+++ SOURCE MATERIAL

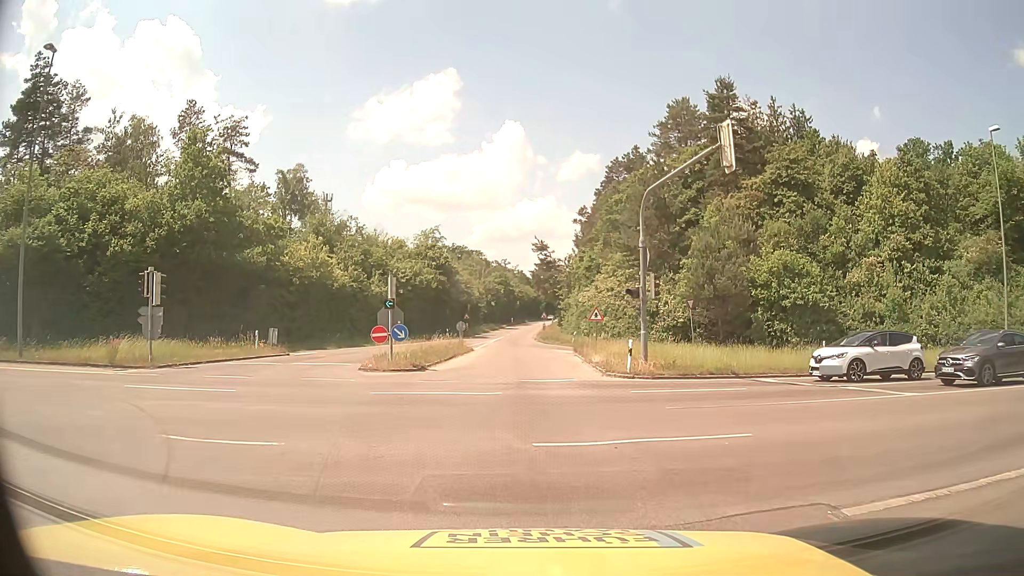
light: Day
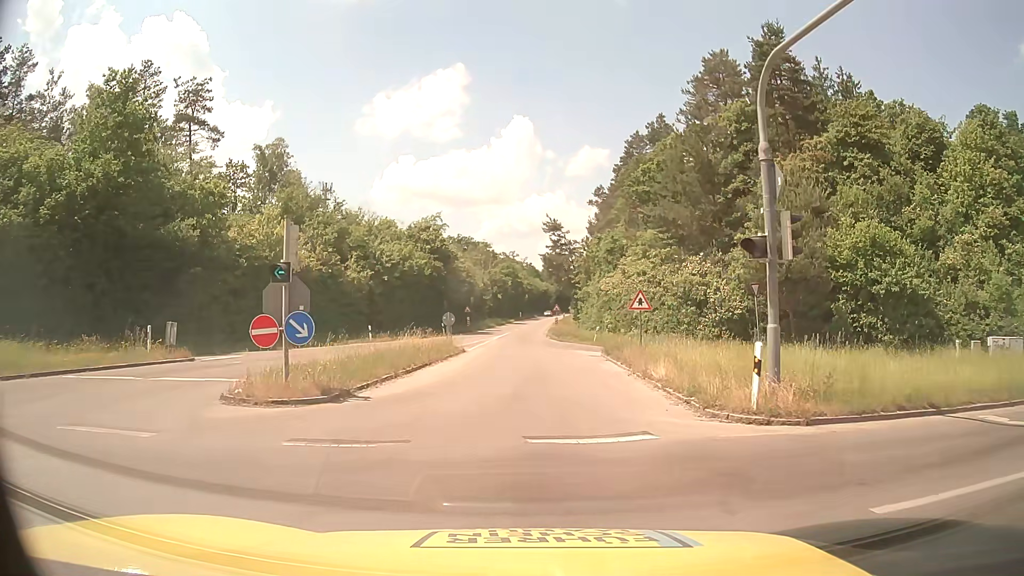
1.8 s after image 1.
(+0.1, +11.6) m; 0°
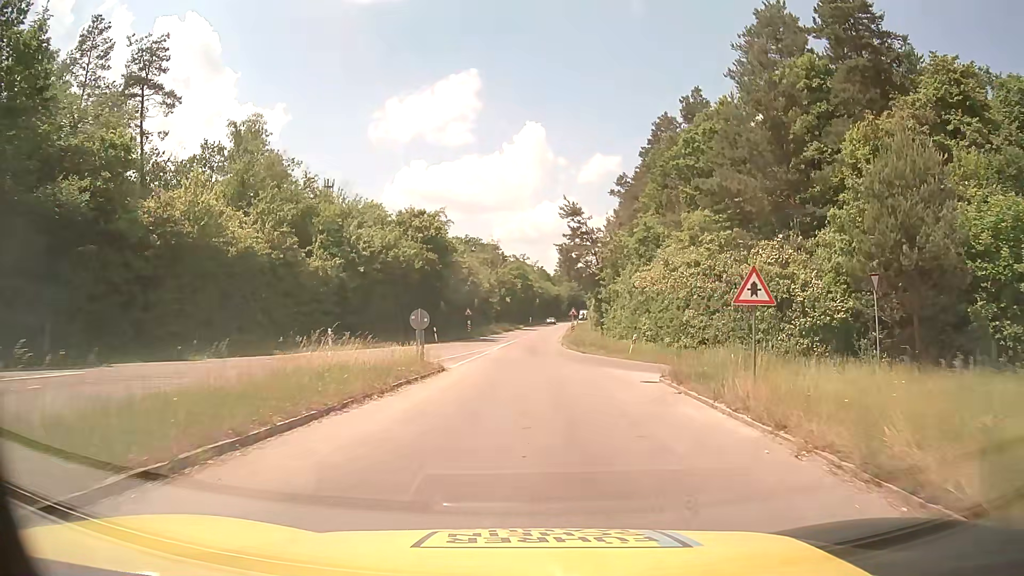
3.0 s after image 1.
(-0.1, +11.5) m; -1°
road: tertiary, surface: asphalt
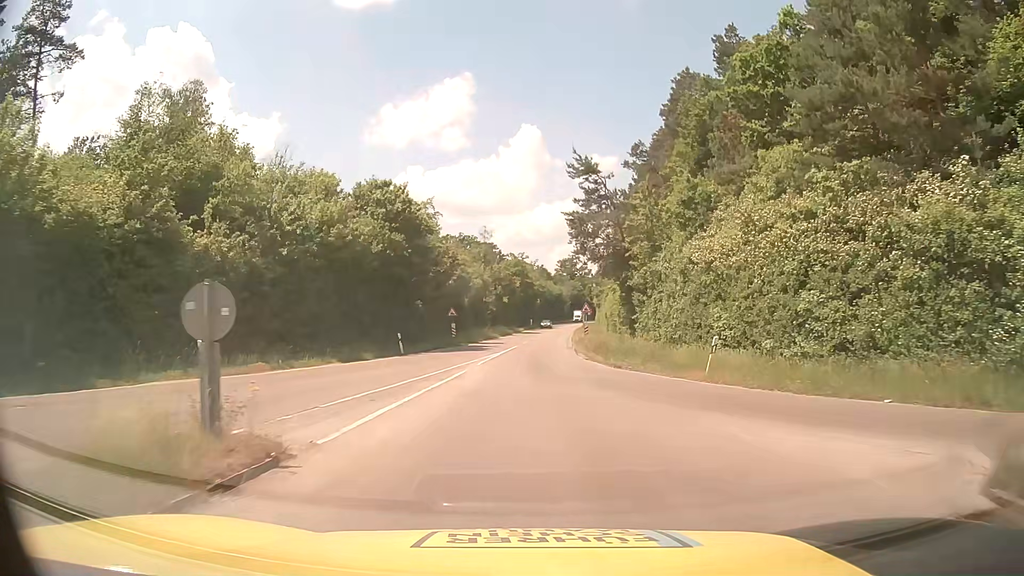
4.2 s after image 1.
(+0.2, +14.1) m; +1°
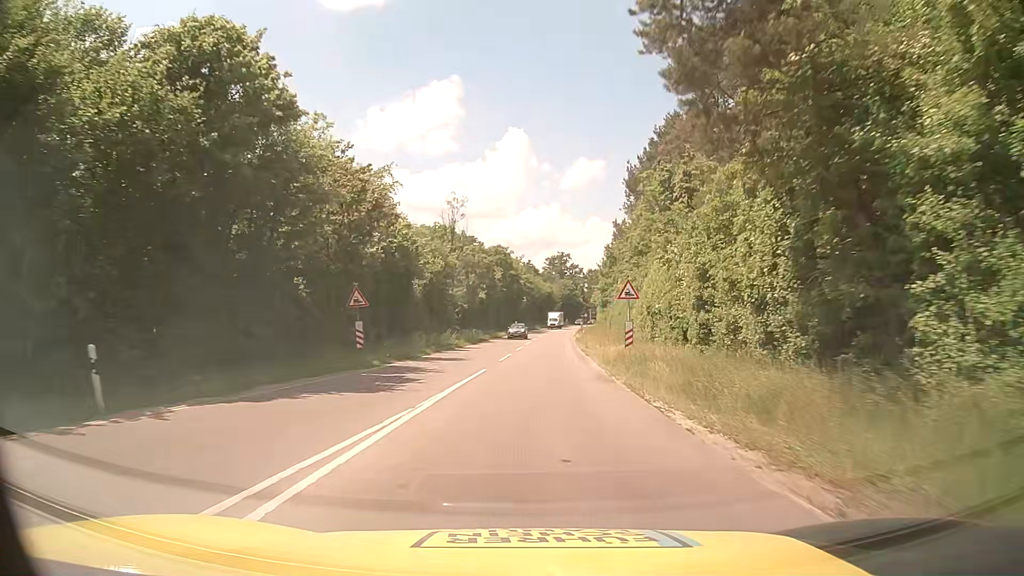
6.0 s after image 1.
(0.0, +25.8) m; +1°
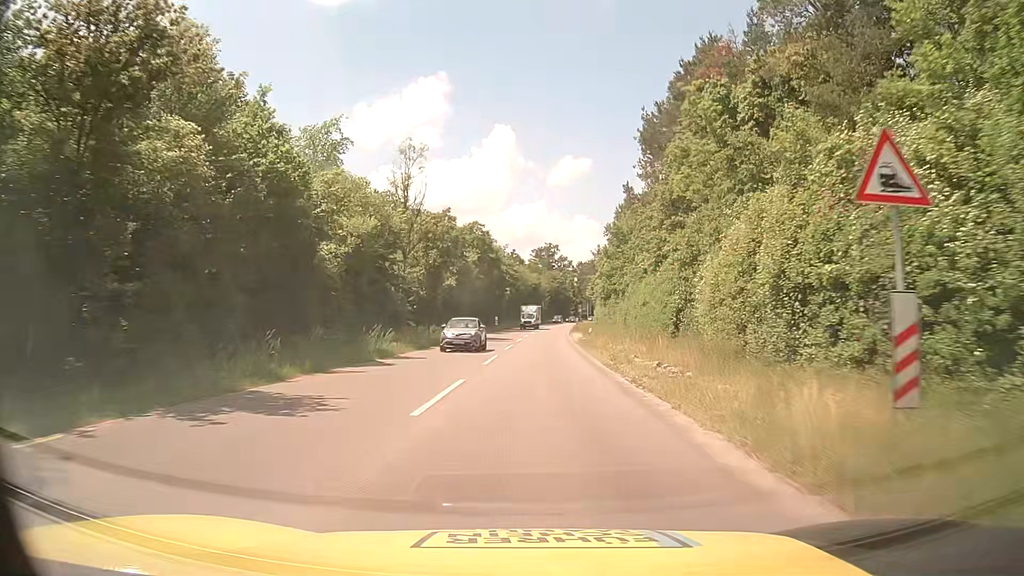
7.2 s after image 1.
(+0.1, +18.8) m; 0°
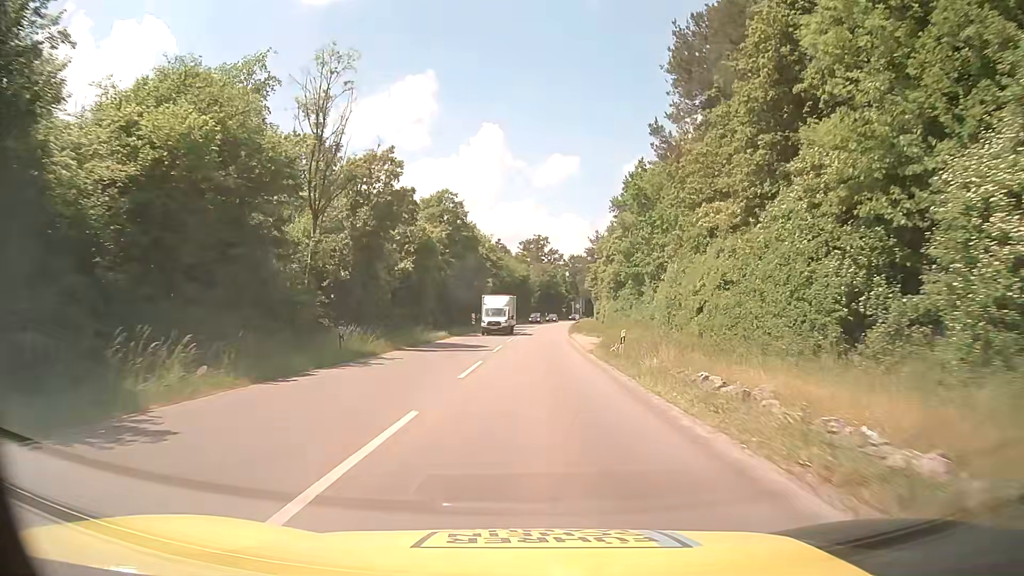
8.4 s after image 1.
(+0.3, +18.0) m; +1°
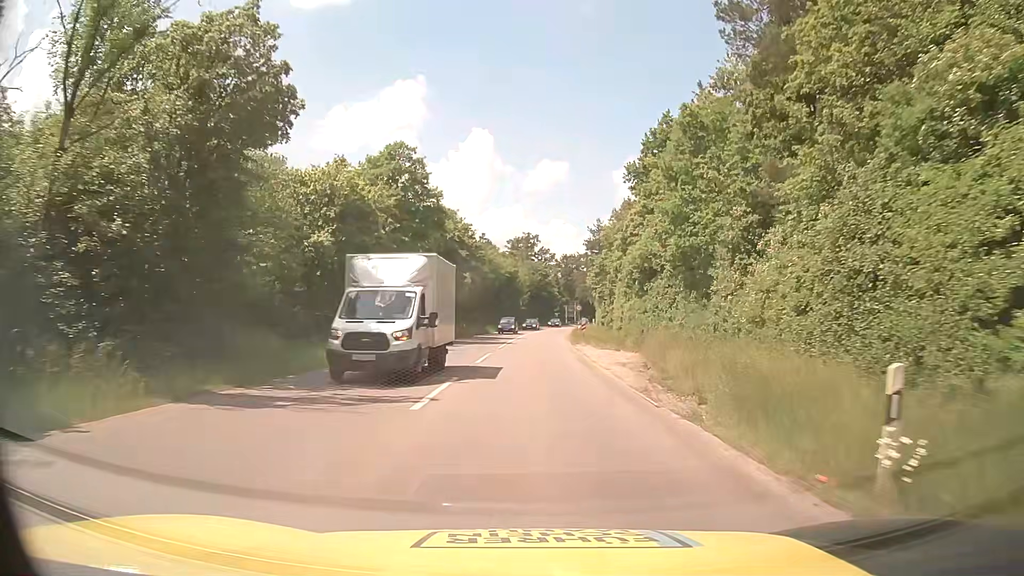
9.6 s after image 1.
(+0.2, +17.5) m; +1°
(0, +10) (0, +20) (0, +30) (+1, +40) (+1, +50) (+2, +60) (+3, +70) (+3, +80) (+5, +90) (+6, +100) m

++++++

## EXERCISE DESCRIPTION:
What you return must be the entries above, exactly as they appear, without any pictures.

## SOLUTION:
light: Day
1.8 s after image 1.
(+0.1, +11.6) m; 0°
3.0 s after image 1.
(-0.1, +11.5) m; -1°
road: tertiary, surface: asphalt
4.2 s after image 1.
(+0.2, +14.1) m; +1°
6.0 s after image 1.
(0.0, +25.8) m; +1°
7.2 s after image 1.
(+0.1, +18.8) m; 0°
8.4 s after image 1.
(+0.3, +18.0) m; +1°
9.6 s after image 1.
(+0.2, +17.5) m; +1°
(0, +10) (0, +20) (0, +30) (+1, +40) (+1, +50) (+2, +60) (+3, +70) (+3, +80) (+5, +90) (+6, +100) m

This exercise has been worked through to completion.